In Italien hat der Faschismusexperte Emilio Gentile vor einigen Jahren den Ansatz der „Politischen Religion“ mit großem Engagement aufgenommen. Lutz Klinkhammer vom Deutschen Historischen Institut Rom versucht in seinem Beitrag, die Anwendung auf die Diktatur Mussolinis zu überprüfen. Zwar haben auch die italienischen Faschisten, allen voran Mussolini, religiöses Vokabular zur Beschreibung ihrer Bewegung und ihres Systems benutzt und eine eigene Liturgie mit Glaubenssätzen und Ritualen erstellt – aufbauend auf einer Sakralisierung der Nation und des „Opfers“ im Krieg, die ins 19. Jahrhundert (Risorgimento) und den Ersten Weltkrieg zurückgehen. Doch wäre der Faschismus eine Religion mit sehr dürftigem Angebot an Glaubensinhalten gewesen: Nation, Duce, Männlichkeit, Opfer – daran sollte das italienische Volk glauben. Kontingenzbewältigung blieb weiterhin der katholischen Kirche anvertraut, die im faschistischen Staat ohnehin besonderen Schutz und besondere Förderung erfuhr. Doch diente die Vorstellung, die katholische Kirche habe in scharfer Konkurrenz zum Faschismus gestanden, ihrer Selbstrechtfertigung seit 1944. Tatsächlich scheint es eher ein starkes Bündnis zwischen Staat und Kirche gegeben zu haben, eine gegenseitige Stützung, die den Erklärungsansatz einer „politischen Religion“ Faschismus nicht sehr überzeugend erscheinen lässt.

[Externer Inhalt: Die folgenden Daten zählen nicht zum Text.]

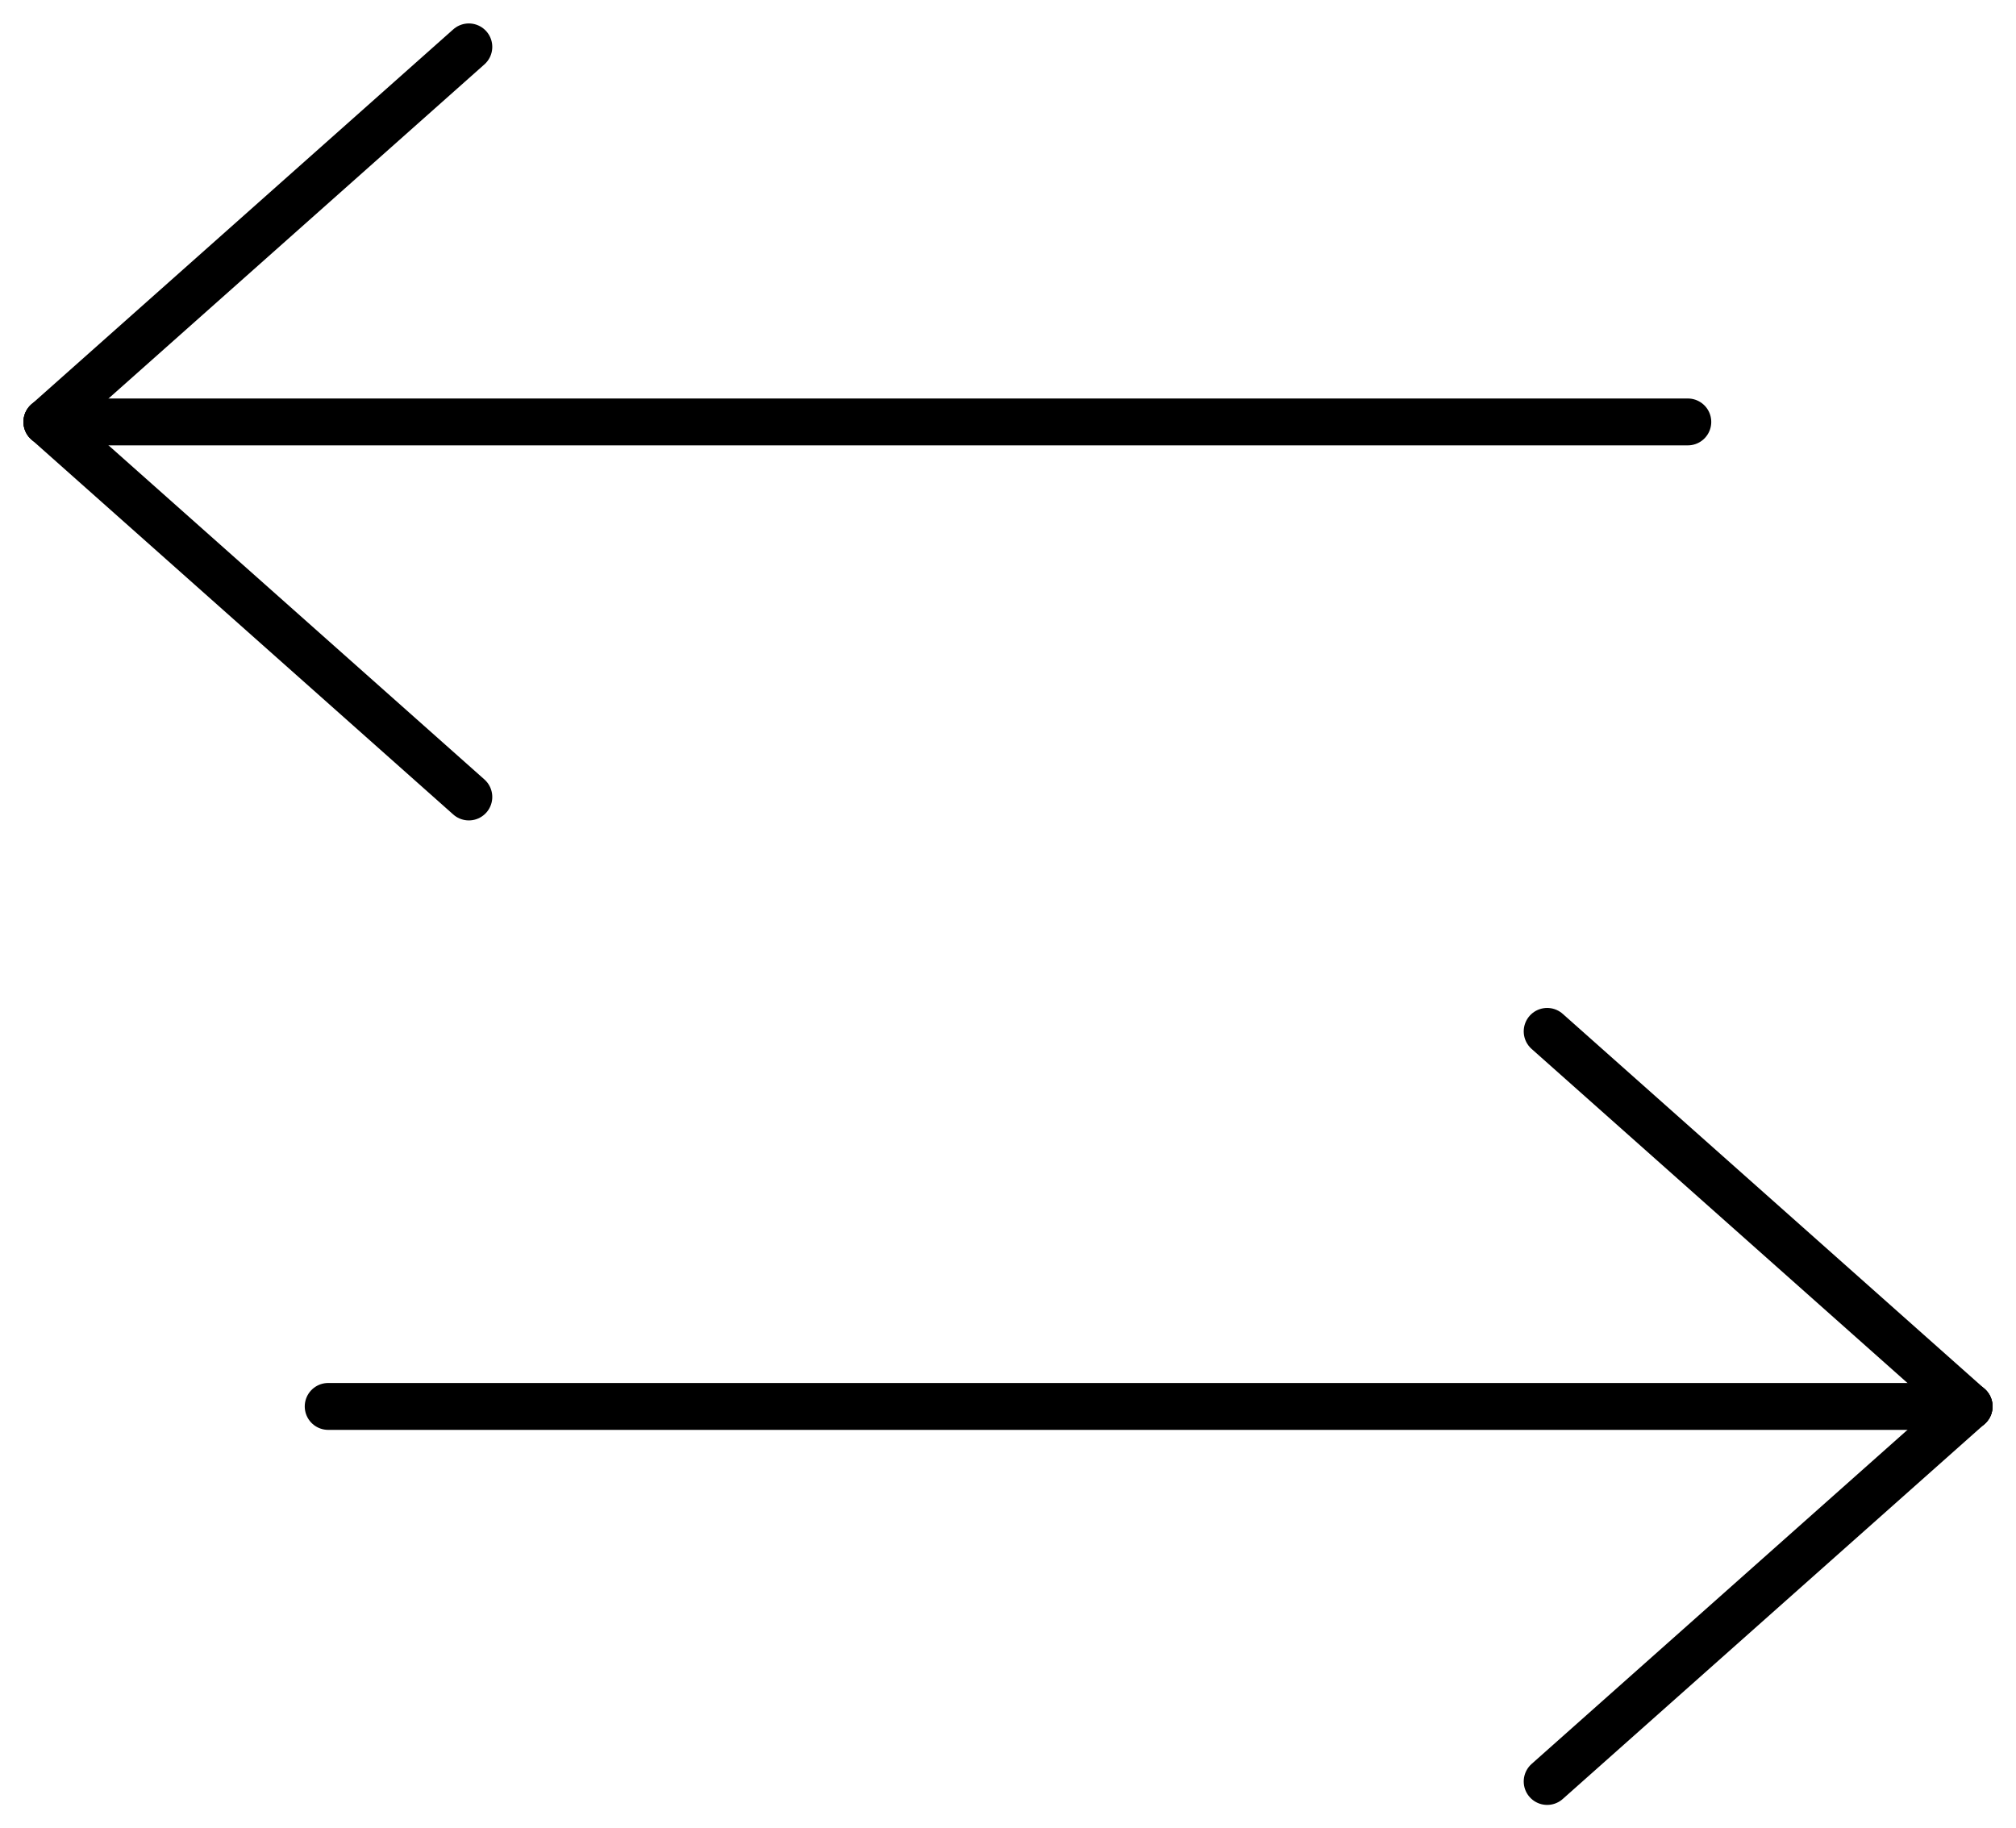 <svg width="43" height="39" viewBox="0 0 43 39" fill="none" xmlns="http://www.w3.org/2000/svg">
<path d="M1 9L10 1" stroke="black" stroke-linecap="round"/>
<path d="M1 9L10 17" stroke="black" stroke-linecap="round"/>
<path d="M1 9H36" stroke="black" stroke-linecap="round"/>
<path d="M42 30L33 38" stroke="black" stroke-linecap="round"/>
<path d="M42 30L33 22" stroke="black" stroke-linecap="round"/>
<path d="M42 30L7 30" stroke="black" stroke-linecap="round"/>
</svg>

Ebenso wenig lässt sich das Konzept auf kommunistische Systeme anwenden, wie der Beitrag von Manfred Hildermeier über die Sowjetunion bis 1953 und der Aufsatz von Gerhard Besier über die SED als „Kirche“ zeigen. Hildermeier weist zu Recht darauf hin, dass Voegelin, einer der wichtigsten Theoretiker des Konzepts und Anhänger eines katholischen Ständestaates, von empirisch zweifelhaften Vorstellungen einer quasi totalen Religion im Mittelalter überzeugt war. Auch andere Autoren deuteten die Erfolge der „politischen Religion“ als Beweis für die Religionssehnsucht einer entsakralisierten Welt. Hier wird deutlich, dass die Vorstellung der „Politischen Religion“ auf irrtümlichen Annahmen über die Säkularisierung in der Neuzeit beruht – ähnlich wie sie auch Carl Schmitt pflegte, der Theoretiker der „politischen Theologie“. Mein Fazit: „Politische Religion“ – requiescat in pacem.

Anmerkungen:
1 Eine ausführlichere Auseinandersetzung ist zu finden bei Klimó, Árpád von, Das Ende der Nationalismusforschung? Bemerkungen zu einigen Neuerscheinungen zu ‚Politische Religion’, ‚Fest’ und ‚Erinnerung’, in: Neue Politische Literatur 48 (2003), S. 271-291.
2 Zu den Protestanten vgl. etwa: Graf, Friedrich-Wilhelm, Art. „Protestantismus II“, in: Theologische Realenzyklopädie, Bd. XXVII, Berlin 1997, S. 551-580.